Be sure to include protein for breakfast, think nuts, cheese, meats. Lots of high fibre fruit and veg. You can eat celery, tomatoes, radishes, cucumber for breakfast with a couple of slices of cheese you know.
Before each meal drink a large glass of room temperature water.
NEVER SHOP on an empty stomach
NEVER SHOP without a plan (that’s your list)
This should start to help you get on track again. There are many more tried and tested tips and suggestions Mindful Weight Loss can be practised by anyone.
If you want to join the Mindful Weight Loss course for an unbelievably great price, buddy up. Bring a friend and you both pay £49.50 bring three friends and you all pay £33 bring four … and you all pay £24.75 contact me now.

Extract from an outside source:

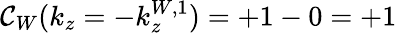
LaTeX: \mathcal{C}_{W}(k_{z}=-k_{z}^{W,1})=+1-0=+1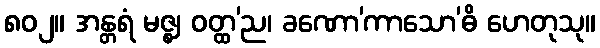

Although this is an exclusive offer just for my lovely Stresshacker subscribers please feel free to forward to your friends if you’d like them to enjoy the offer too.
It’s not even about being able to lose weight so much much as the horrible beating up that most of us do about putting on a few pounds. Trust me we will never get the best out of ourselves if we’re listening to the negative head trash. A daily diet of criticism, judgement and blame bring feelings of frustration,guilt and shame. Stop that!
Self-love and kindness that’s the key
For some the word mindfulness has begun to feature more largely in life. The slower pace (for some) has enabled us to become mindful and present in our daily activities such as walking, shopping and cooking.
First take a breath, consider the meal that you’re making. Secondly consciously, that means ONLY thinking about what you’re doing in the moment, take out all the ingredients – even if it’s just a snack.
Thirdly set about preparing this meal in a loving way. Approach this as if it is the last meal you will ever make for someone you love dearly. That could be your cat, child or lover, it could be someone from the past or someone who has passed, find that person/pet and generate feelings of warmth and love that you have/had for them. Approach the making of that meal with the most loving feeling that you can pull up in your heart and mind.
The entire time you’re preparing it, imagine sending thoughts of love. Wish them peace, protection, good health, joy. Wish them freedom from stress, anxiety or danger. Now imagine them sending that back to you… receive those feelings back from them, do your best to feel them. All the while making the meal. That’s it!
This will be one of the tastiest meals you’ve ever eaten. Don’t take my word for it, try it for yourself.